Wednesday, February 27, 2013

High Noon for the Economic Assassins

1001 Books To Read Before Your Kindle Battery Dies, Part 10
Matt Taibbi, Griftopia: A Story of Bankers, Politicians, and the Most Audacious Power Grab in American History, and Michael Lewis, Boomerang: Travels in the New Third World

Let us first acknowledge: today’s economic mess is not partisan. Tea Party agitators have a point. Many small entrepreneurs get nickel-and-dimed out of the market by petty regulations, enabled by bureaucrats with no discretion over the rules they enforce. But agitators assume the same applies equally, everywhere. It doesn't. Politicians left and right hold the door for moneyed interests, in a hogs-to-the-trough orgy that has not included schleps like us.

Matt Taibbi writes: “We live in an economy that is immensely complex and we are completely at the mercy of the small group of people who understand it—who incidentally often happen to be the same people who built these wildly complex economic systems. We have to trust these people to do the right thing, but we can't, because, well, they're scum. Which is kind of a big problem, when you think about it."

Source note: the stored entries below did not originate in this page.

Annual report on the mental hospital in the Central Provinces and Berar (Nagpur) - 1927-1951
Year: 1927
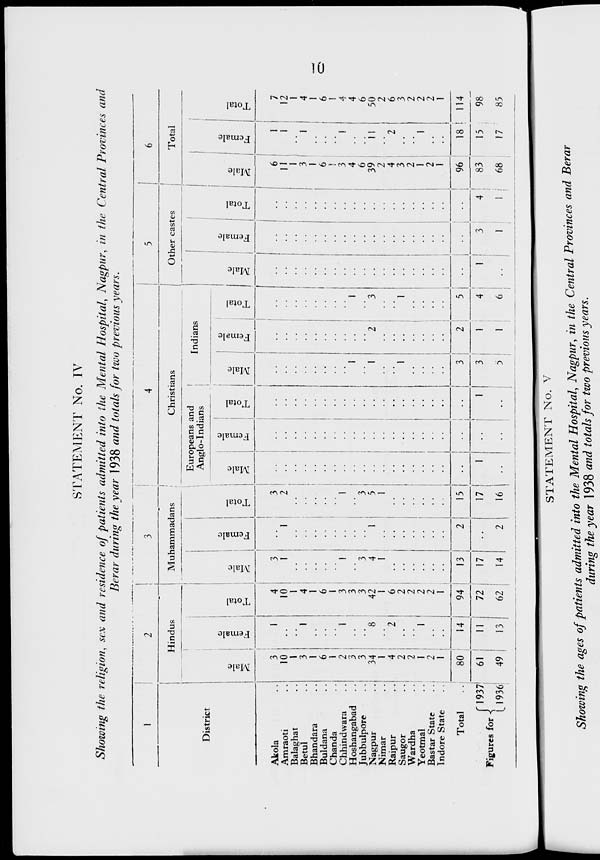
10
STATEMENT No. IV
Showing the religion, sex and residence of patients admitted into the Mental Hospital, Nagpur, in the Central Provinces and
Berar during the year 1938 and totals for two previous years.
1
District
Akola ..
Amraoti ..
Balaghat ..
Betul ..
Bhandara ..
Buldana ..
Chanda ..
Chhindwara ..
Hoshangabad ..
Jubbulpore ..
Nagpur ..
Nimar ..
Raipur ..
Saugor ..
Wardha ..
Yeotmal ..
Bastar State ..
Indore State ..
Total ..
Figures for
1937
1936
2
Hindus
Male
3
10
1
3
1
6
1
2
3
3
34
1
4
2
2
1
2
1
80
61
49
Female
1
..
..
1
..
..
..
1
..
..
8
..
2
..
..
1
..
..
14
11
13
Total
4
10
1
4
1
6
1
3
3
3
42
1
6
2
2
2
2
1
94
72
62
3
Muhammadans
Male
3
1
..
..
..
..
..
1
..
3
4
1
..
..
..
..
..
..
13
17
14
Female
..
1
..
..
..
..
..
..
..
..
1
..
..
..
..
..
..
..
2
..
2
Total
3
2
..
..
..
..
..
1
..
3
5
1
..
..
..
..
..
..
15
17
16
4
Christians
Europeans and
Anglo-Indians
Male
..
..
..
..
..
..
..
..
..
..
..
..
..
..
..
..
..
..
..
1
..
Female
..
..
..
..
..
..
..
1
..
..
..
..
..
..
..
..
..
..
..
..
..
Total
..
..
..
..
..
..
..
..
..
..
..
..
..
..
..
..
..
..
..
1
..
Indians
Male
..
..
..
..
..
..
..
..
1
..
1
..
..
1
..
..
..
..
3
3
5
Female
..
..
..
..
..
..
..
..
..
..
2
..
..
..
..
..
..
..
2
1
1
Total
..
..
..
..
..
..
..
..
1
..
3
..
..
1
..
..
..
..
5
4
6
5
Other castes
Male
..
..
..
..
..
..
..
..
..
..
..
..
..
..
..
..
..
..
..
1
..
Female
..
..
..
..
..
..
..
..
..
..
..
..
..
..
..
..
..
..
..
3
1
Total
..
..
..
..
..
..
..
..
..
..
..
..
..
..
..
..
..
..
..
4
1
6
Total
Male
6 11
1
3
1
6
1
3
4
6
39
2
4
3
2
1
2
1
96
83
68
Female
1
1
..
1
..
..
..
..
..
..
11
..
2
..
..
1
..
..
18
15
17
Total
7
12
1
4
1
6
1
4
4
6
50
2
6
3
2
2
2
1
114
98
85

From the home mortgage bubble to the commodity run to the investment bank bailout to the health care reform cock-up, Taibbi examines the ways money has permeated all corners of public life, lifting the rock and watching the cockroaches scurry. This is an angry book for angry people, which in the wake of the TARP mess we all were. Years later, we must ask, does enough of that anger remain that politicians will fear the people?

A cadre exists on Wall Street that has gotten obscenely rich without contributing any value to the economy. Their machinations distort the value of a buck for the rest of us. While wage earners see their standard of living stagnate, a tiny few grow so rich that they call the very idea of money into question. While politicians and journalists treat those few like secular saints, only Matt Taibbi has pioneered the path of calling them the dirt they are, to their faces.

This story is not without controversy. Taibbi admits that the Rolling Stone magazine article which spawned this book drew brutal criticism. Financial journalists excoriated this outsider for calling jerks what they are, right up until the moment they joined the chorus. Taibbi's thesis (minus, perhaps, the cuss words) now represents the mainstream of American financial commentary. But still, Taibbi puts it forthrightly, without prettifying the hideous.

Disaster journalist Michael Lewis concurs: "Everywhere you turn you see Americans sacrifice their long-term interests for a short-term reward." But where he writes that, he's just spent an entire book proving how that describes the entire developed world, gulled by promises of free money and cheap prestige. Us Yanquis can clean our own house, but the world remains awash in filth left by the receding housing tide of 2008.

Lewis travels to five countries that took the biggest bath in the 2008 financial crisis. Iceland had money lying around, got into investing, and created pretty paper billionaires, but very real liabilities. Greece wanted the respectability of Eurozone membership, but not the responsibility. Ireland turned cheap bank deposits into a housing boom nobody wanted. Germans played by the rules, but their banks didn't, and left the state holding all Europe's bag.

Finally, Lewis unpacks America. For the most part, he unpacks California, which he clearly regards as a microcosm of what went wrong nationwide. Citizens want everything under the sun from the state, but refuse to pay for it. Big entities fob their liabilities onto subordinates, then plead helplessness when cities hit the wall. And time and again, we know exactly who caused the problem, but refuse to call their bluff.

Lewis describes the circular circumstances that created this mess. Though he has separate chapters for the five countries he examines, their entanglements transcend mere borders. The almost balletic movement of money on a global scale reveals that the financial folderol, America-centric though much coverage has been, makes geographically bound nation-states look creaky in light of transnational supply lines.

When everything went kaput, the megaquadzillionaires who created the problem claimed, with some justification, that if they suffered the consequences of their irresponsibility, the entire economy would burn with them. States rushed to buffer the people who bet staggering sums on lame horses. Modest operators, who trusted their bosses and elected leaders, took it on the chin. The result, as Lewis puts it: capitalism for everybody but the capitalists.

The impact from the 2008 crisis still creates shockwaves in politics and society. Yet few of us can truly comprehend what happened. Taibbi and Lewis translate that meltdown into plain English, and they demonstrate how close we now are to permitting another catastrophic crash.